Objectives: High-value care is providing high quality care at low cost; we sought to define hospital value and identify the characteristics of hospitals which provide high-value care.
Design: Retrospective observational study.
Setting: Acute care hospitals in the USA.
Participants: All Medicare beneficiaries with claims included in Center for Medicare & Medicaid Services Overall Star Ratings or in publicly available Medicare spending per beneficiary data.
Primary and secondary outcome measures: Our primary outcome was value defined as the difference between Star Ratings quality score and Medicare spending; the secondary outcome was classification as a 4 or 5 star hospital with lowest quintile Medicare spending ('high value') or 1 or 2 star hospital with highest quintile spending ('low value').

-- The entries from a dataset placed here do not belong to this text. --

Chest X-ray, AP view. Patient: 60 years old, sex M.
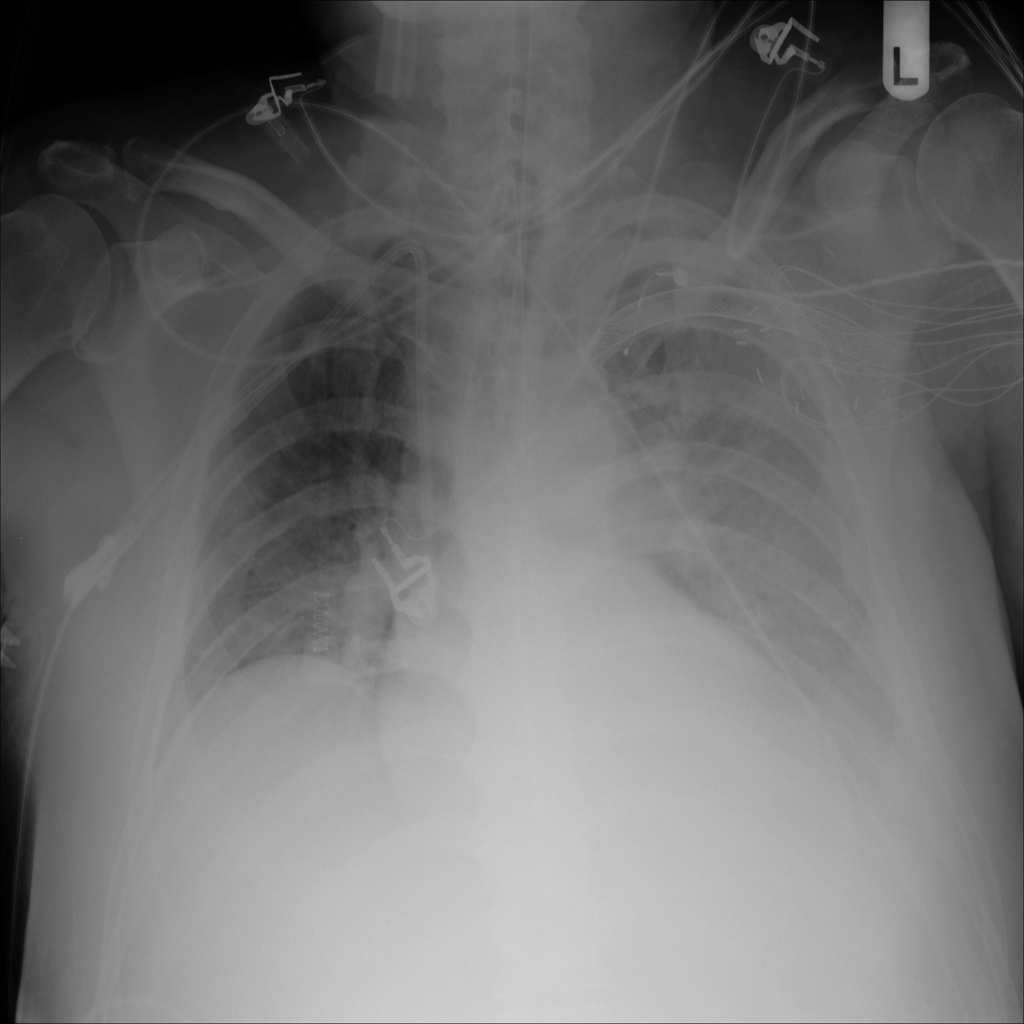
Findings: Consolidation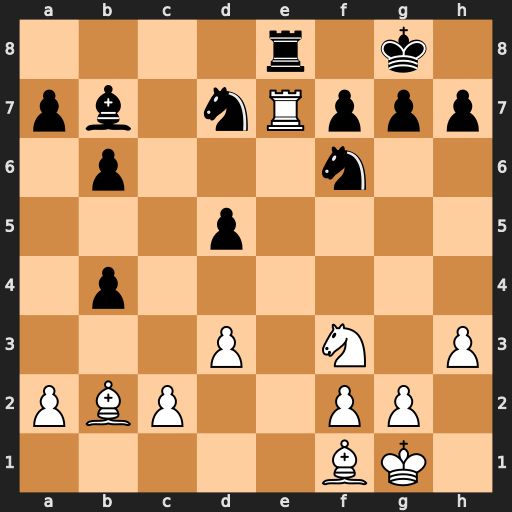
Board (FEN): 4r1k1/pb1nRppp/1p3n2/3p4/1p6/3P1N1P/PBP2PP1/5BK1
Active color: w
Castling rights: -
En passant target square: -
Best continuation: Bxf6 Rxe7 Bxe7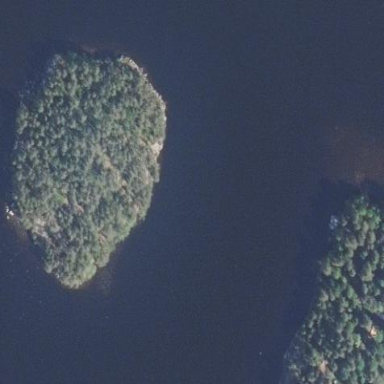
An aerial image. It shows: Island covered with woodland.
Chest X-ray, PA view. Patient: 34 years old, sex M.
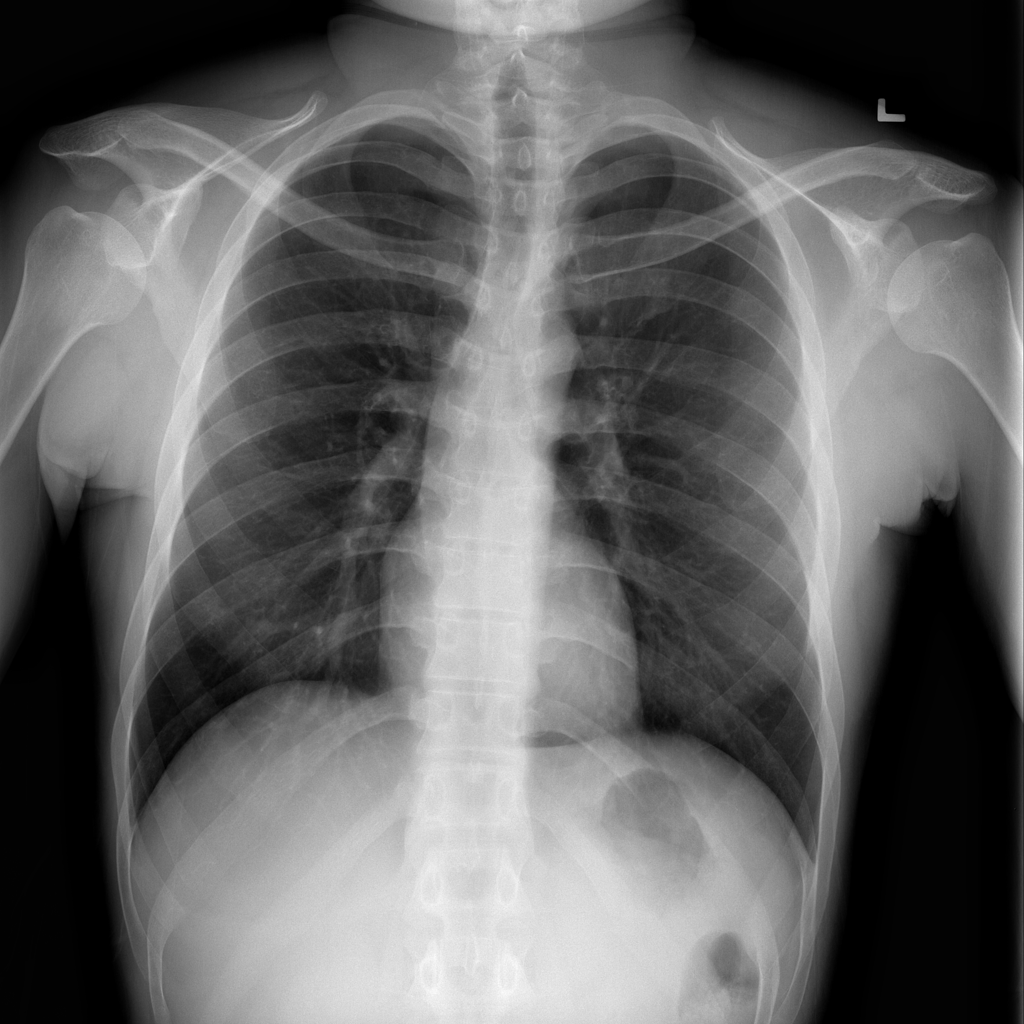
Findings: No Finding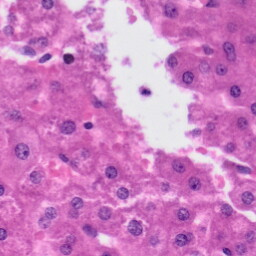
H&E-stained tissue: Liver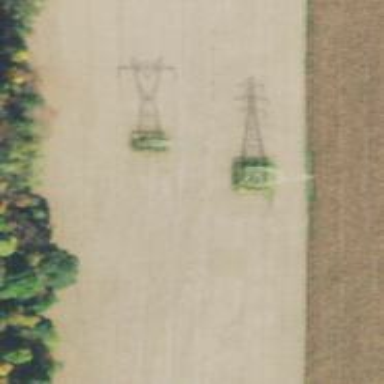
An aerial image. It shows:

Results: Two thousand nine hundred and fourteen hospitals had both quality and spending data, and were included. The value score had a mean (SD) of 0.58 (1.79). A total of 286 hospitals were classified as high value; these represented 28.6% of 999 4 and 5 star hospitals and 46.8% of 611 low cost hospitals. A total of 258 hospitals were classified as low value; these represented 26.6% of 970 1 and 2 star hospitals and 49.3% of 523 high cost hospitals. In regression models ownership, non-teaching status, beds, urbanity, nurse to bed ratio, percentage of dual eligible Medicare patients and percentage of disproportionate share hospital payments were associated with the primary value score.
Conclusions: There are high quality hospitals that are not high value, and a number of factors are strongly associated with being low or high value. These findings can inform efforts of policymakers and hospitals to increase the value of care.
Keywords: health policy; quality in health care; statistics & research methods.